Heute sehen wir uns mit ganz vielen, oft viel zu vielen Wahlmöglichkeiten konfrontiert. Wir wissen nicht: ist das jetzt ein Trend? Ist das wirklich wahr? Oder " fake news"? Glauben scheint heute ein großer Teil von Wissen zu sein und vielleicht trickst das Bauchgefühl den Einen oder Anderen aus, sich dem anzuschließen, der seine Religion besonders glaubhaft, vielleicht mit gesundem Halbwissen oder einigen Schlagwörtern gewürzt, oder aber möglichst mysteriös umschrieben und nur dem Erleuchteten greifbar, vielleicht sogar mit eigenen Begriffen und Bezeichnungen, also eigener "Geheimsprache" , transportiert. " Das EINZIGE Institut, das weiß wie...", " Alles Anderen sind bloß Neider..." , "Nur WIR wissen, wie- sei auch DU Teil unserer wissenden Gemeinschaft...": das hört sich alles verlockend an! Mit großen Selbstbewußtsein vorgetragen, kann dann ja auch nichts falsch sein, sonst gäbe es doch Zweifel, oder ? Und ist es nicht toll, ein Andersdenker, ein "Aufgeklärter" zu sein? Endlich alles richtig zu machen? 

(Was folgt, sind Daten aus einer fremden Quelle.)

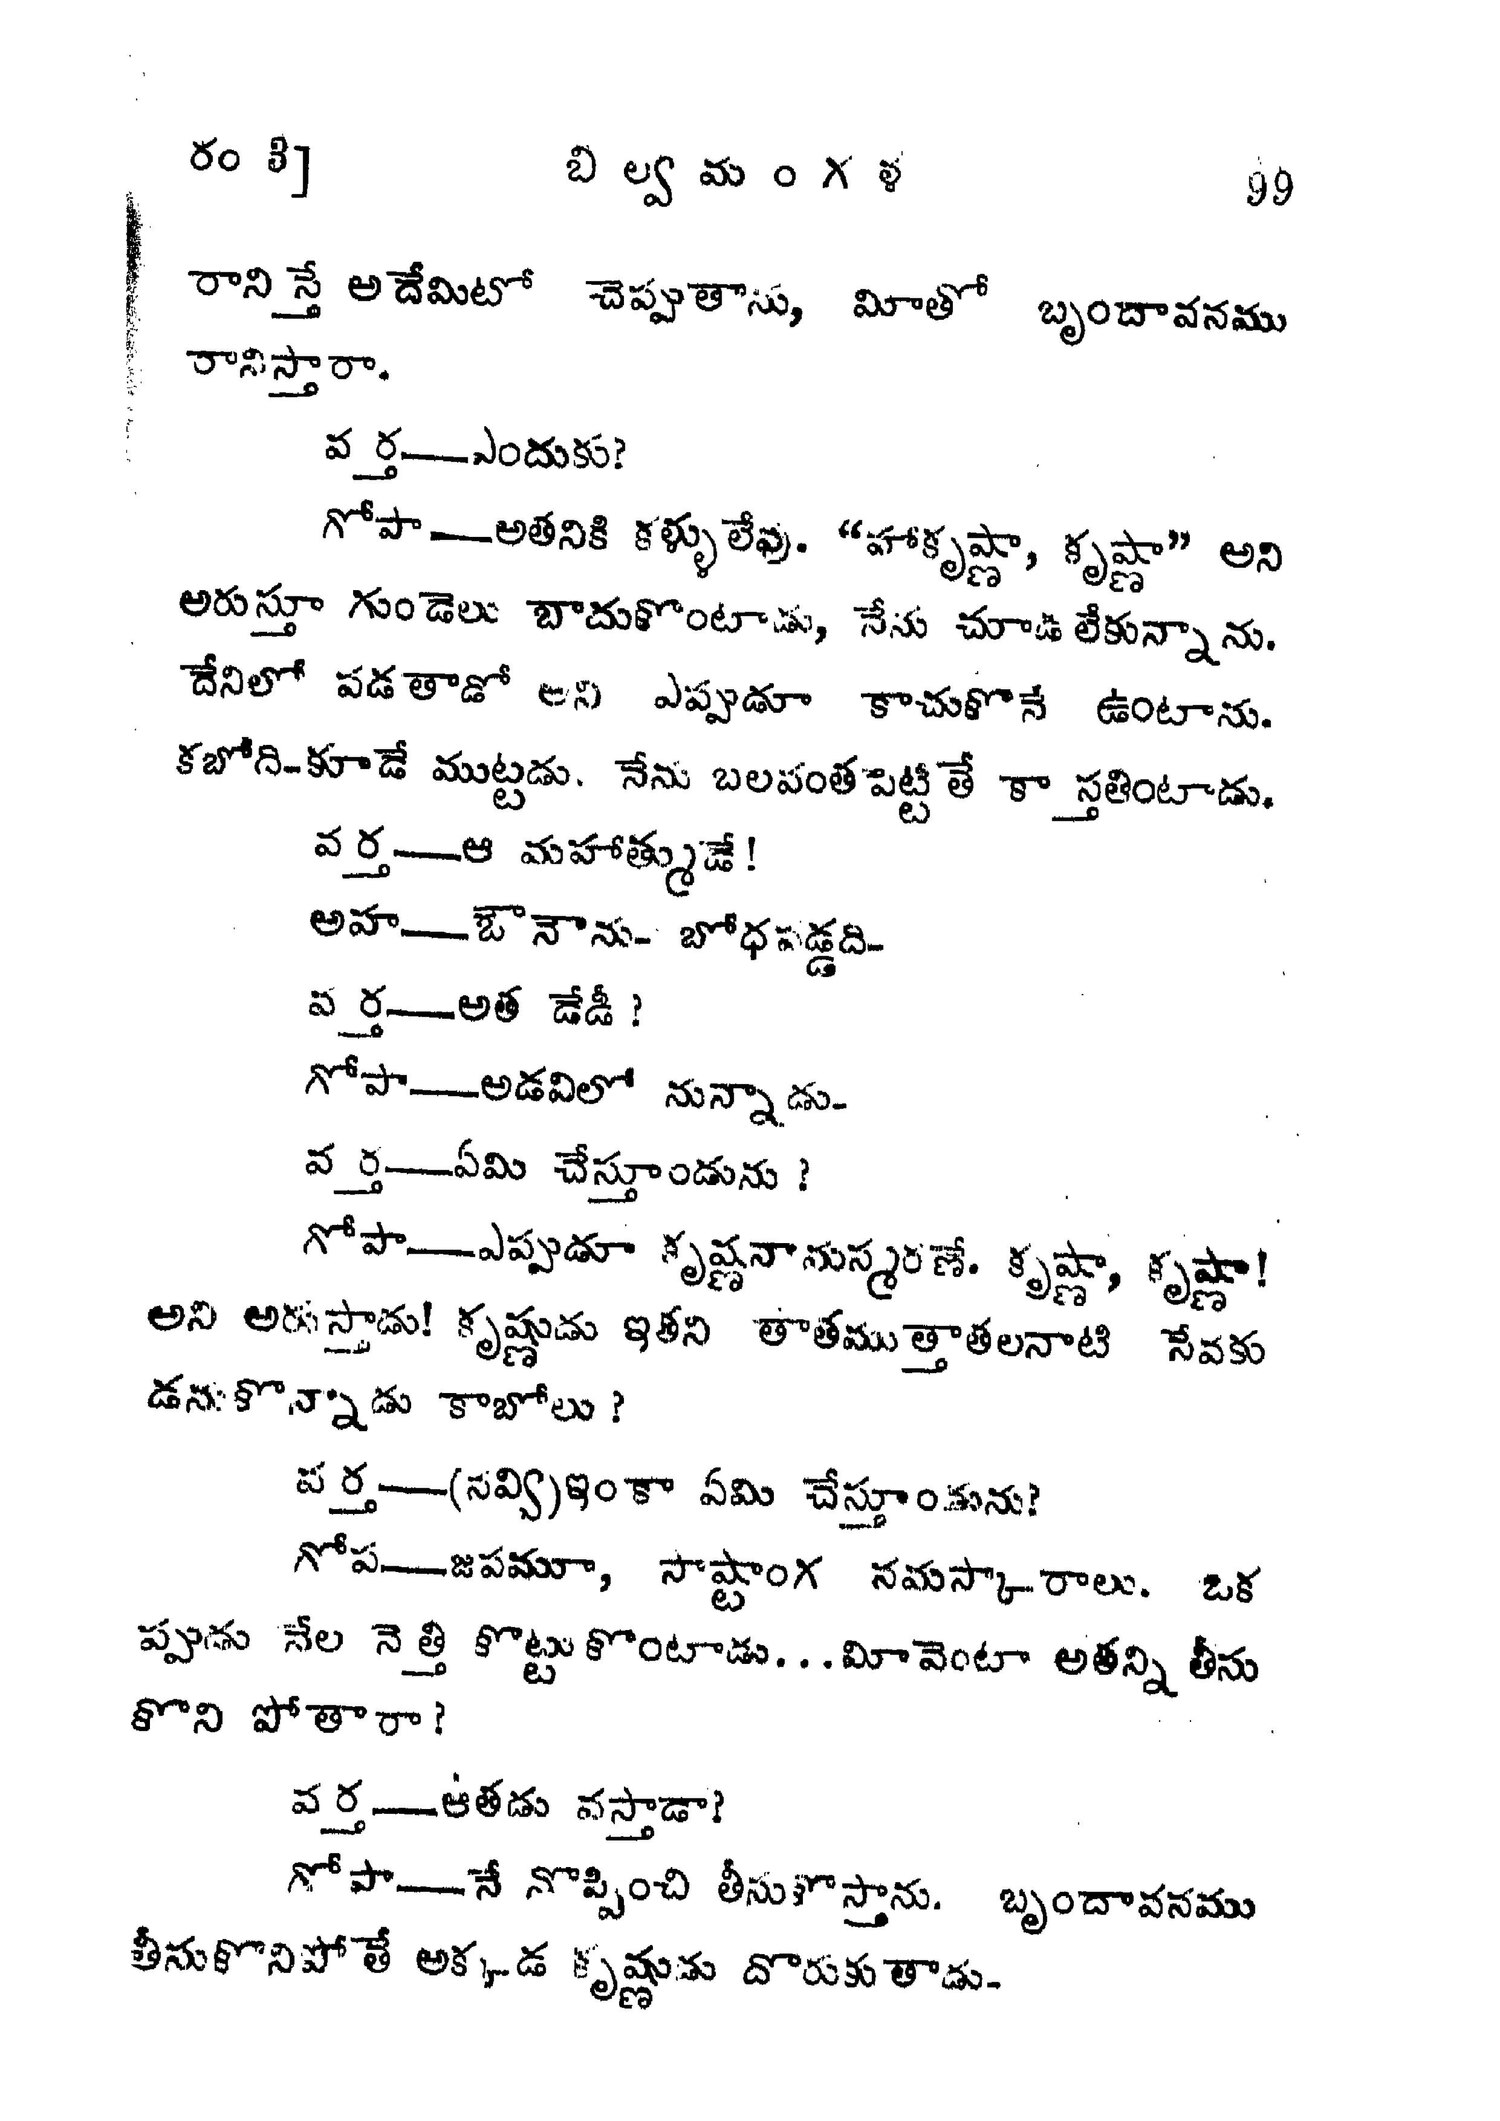రానిస్తే అదేమిటో చెప్పుతాను, మీతో బృందావనము రానిస్తారా.

వర్త - ఎందుకు?

గోపా - అతనికి కళ్ళులేవు. "హాకృష్ణా, కృష్ణా" అని అరుస్తూ గుండెలు బాదుకొంటాడు, నేను చూడలేకున్నాను. దేనిలో పడతాడో అని ఎప్పుడూ కాచుకొనే ఉంటాను. కబోది-కూడే ముట్టడు. నేను బలవంతపెట్టితే కాస్తతింటాడు.

వర్త - ఆ మహ్మాత్ముడే!

అహ - ఔనౌను - బోధపడ్డది-

వర్త - అత డేడీ?

గోపా - అడవిలో నున్నాడు.

వర్త - ఏమి చేస్తూండును?

గోపా - ఎప్పుడూ కృష్ణనామస్మరణే. కృష్ణా, కృష్ణా! అని అరుస్తాడు! కృష్ణుడు ఇతని తాతముత్తాతలనాటి సేవకుడనుకొన్నాడు కాబోలు?

వర్త - (నవ్వి) ఇంకా ఏమి చేస్తూండును?

గోప - జపమూ, సాష్టాంగ నమస్కారాలు. ఒకప్పుడు నేల నెత్తి కొట్టుకొంటాడు...మీవెంటా అతన్ని తీసుకొని పోతారా?

వర్త - ఆతడు వస్తాడా?

గోపా - నే నొప్పించి తీసుకొస్తాను. బృందావనము తీసుకొనిపోతే అక్కడ కృష్ణుడు దొరకుతాడు-

Ja, das gibt dem PFerdebesitzer Halt, es gibt Gebote und regelmäßigen Austausch, in dem die " Community" zusätzlich versichtert, man sei auf dem Weg ...fühlt sich gut an!

Aber auch für das PFerd?


Neu erfunden? Von wegen! Newcastle nutzt die Pilarenarbeit, die wir nachweislich seit der griechischen Antike beschreiben finden. Über Italien findet sie ihren Weg in der Renaissance nach Europa.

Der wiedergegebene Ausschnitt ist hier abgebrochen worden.